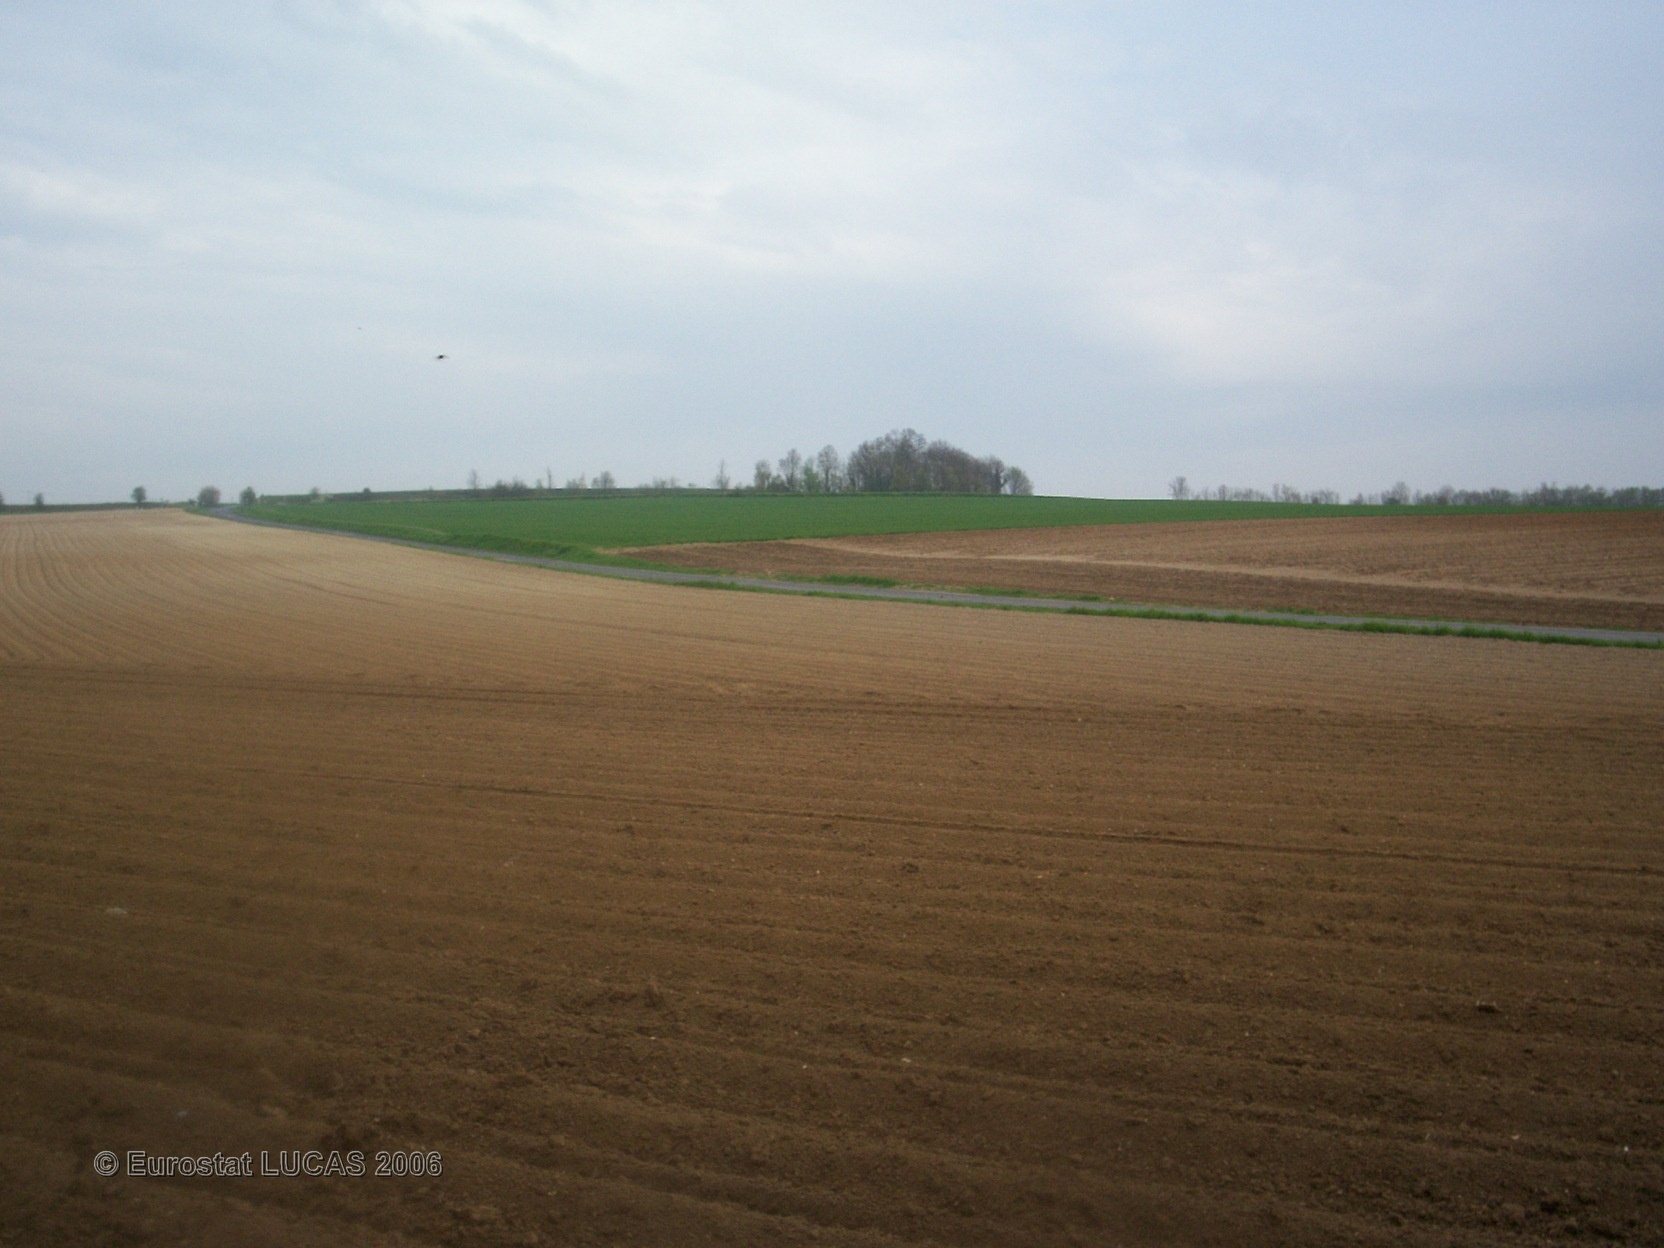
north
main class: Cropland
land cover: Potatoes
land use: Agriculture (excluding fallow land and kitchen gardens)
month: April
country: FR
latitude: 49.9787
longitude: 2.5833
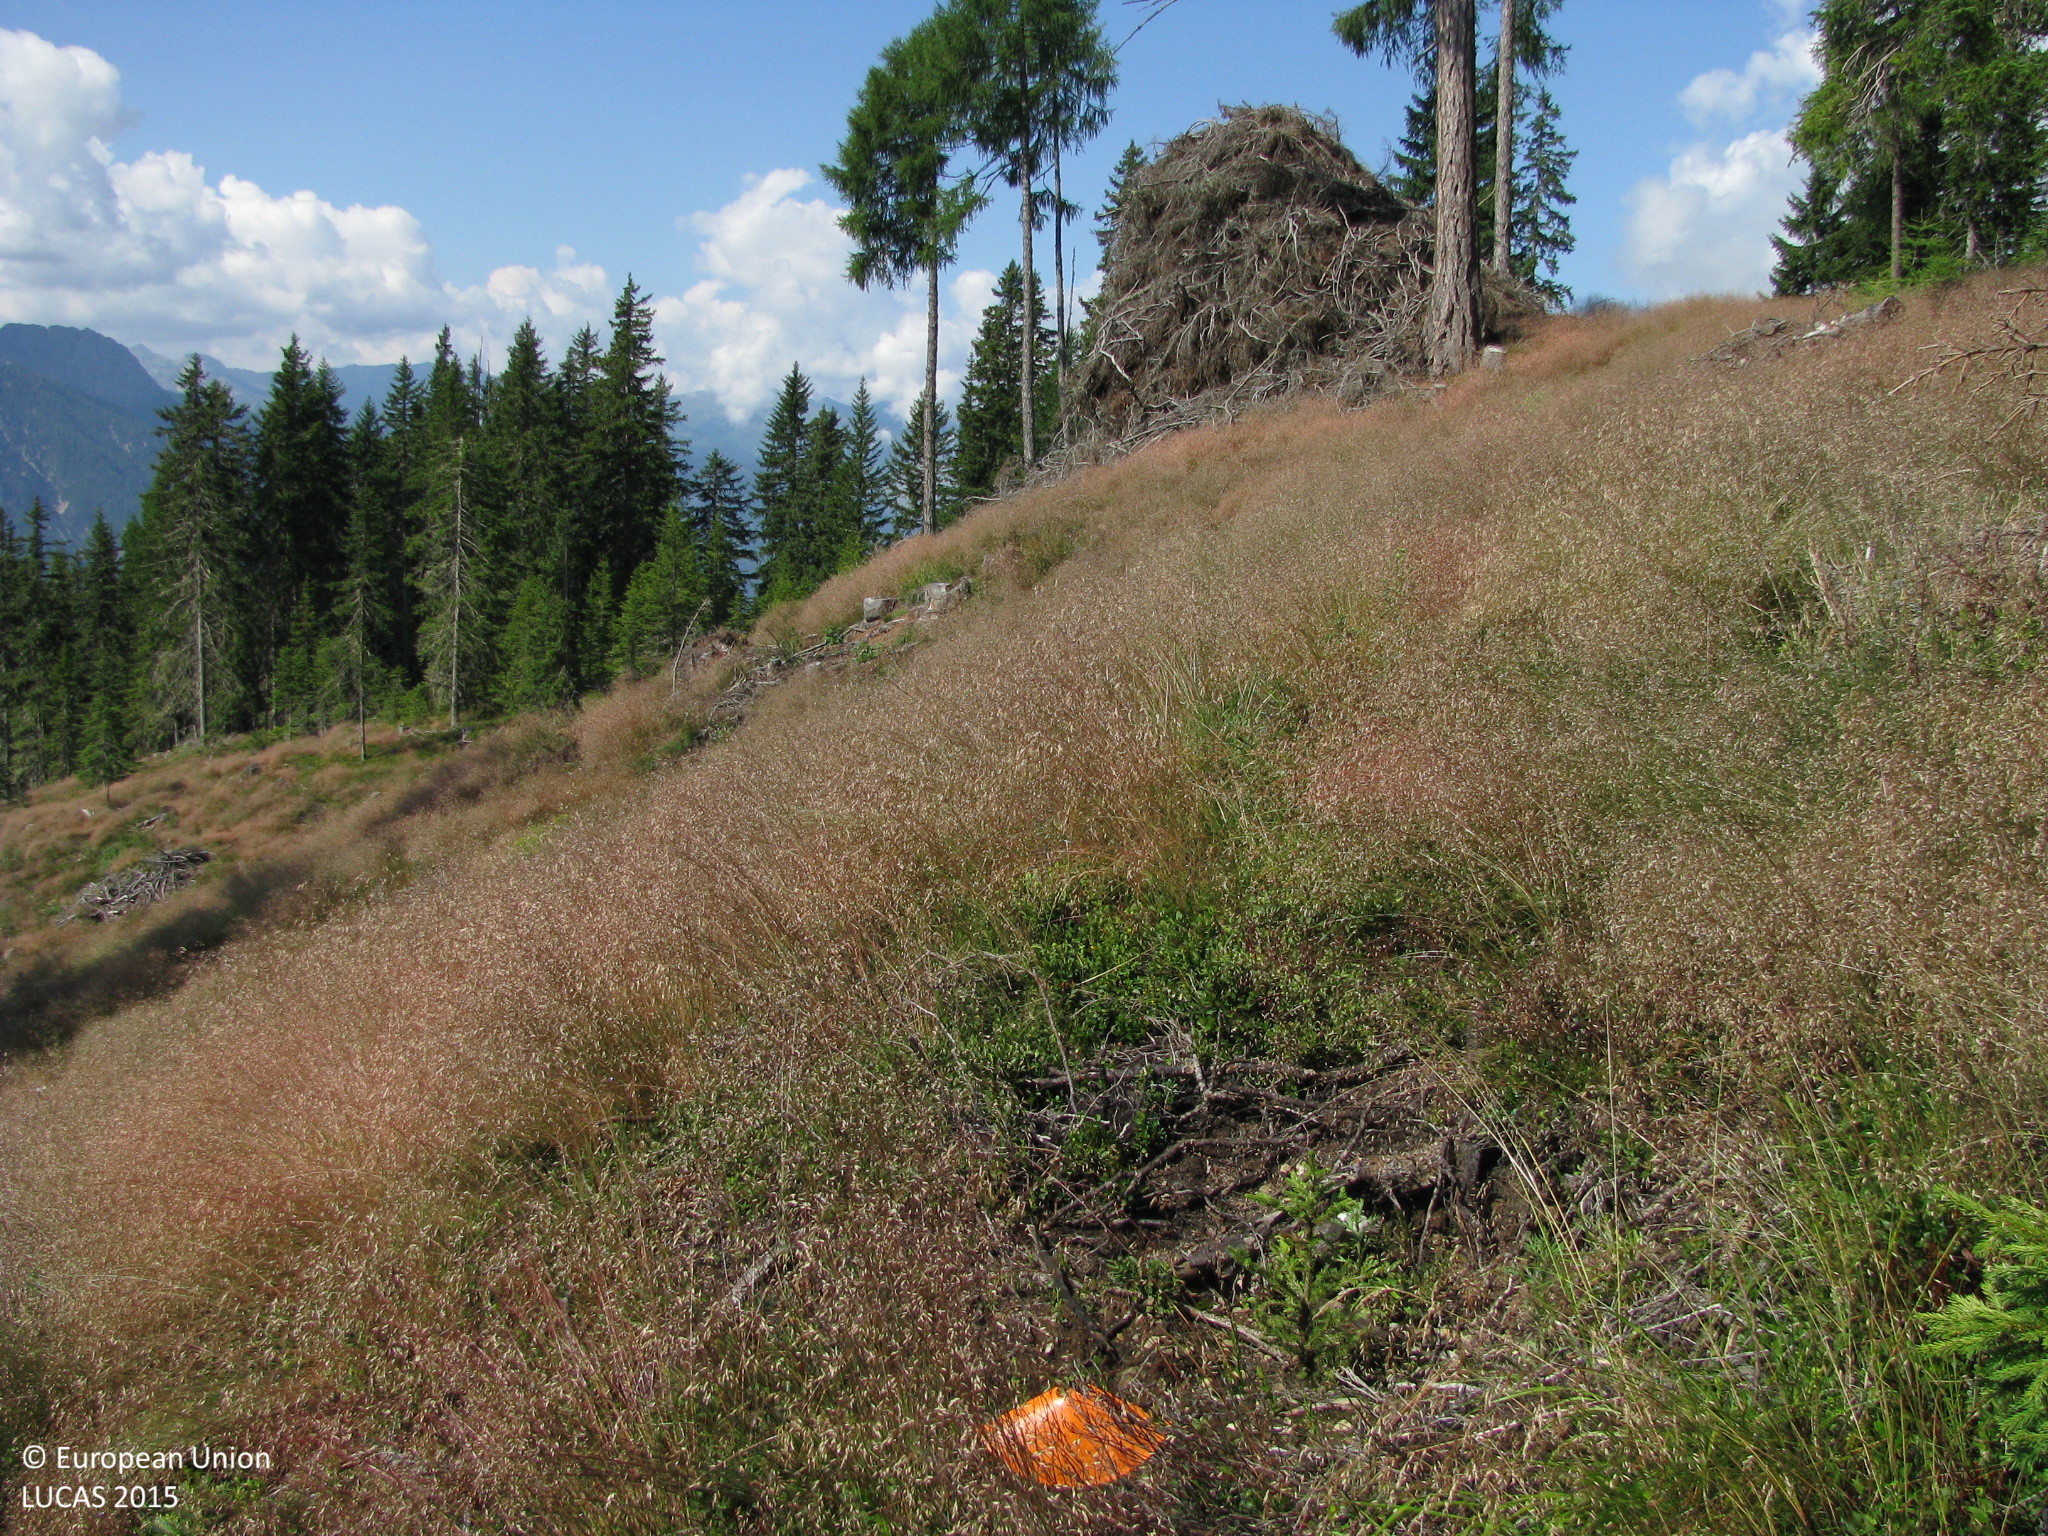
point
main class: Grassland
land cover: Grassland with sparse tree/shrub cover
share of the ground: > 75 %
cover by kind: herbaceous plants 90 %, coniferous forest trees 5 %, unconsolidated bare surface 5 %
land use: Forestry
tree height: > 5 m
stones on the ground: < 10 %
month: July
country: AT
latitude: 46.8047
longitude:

========================================================================

** Requirement **
Produce an exact copy of each line of data, skipping embedded images.

** Finished task **
north
main class: Cropland
land cover: Potatoes
land use: Agriculture (excluding fallow land and kitchen gardens)
month: April
country: FR
latitude: 49.9787
longitude: 2.5833
point
main class: Grassland
land cover: Grassland with sparse tree/shrub cover
share of the ground: > 75 %
cover by kind: herbaceous plants 90 %, coniferous forest trees 5 %, unconsolidated bare surface 5 %
land use: Forestry
tree height: > 5 m
stones on the ground: < 10 %
month: July
country: AT
latitude: 46.8047
longitude:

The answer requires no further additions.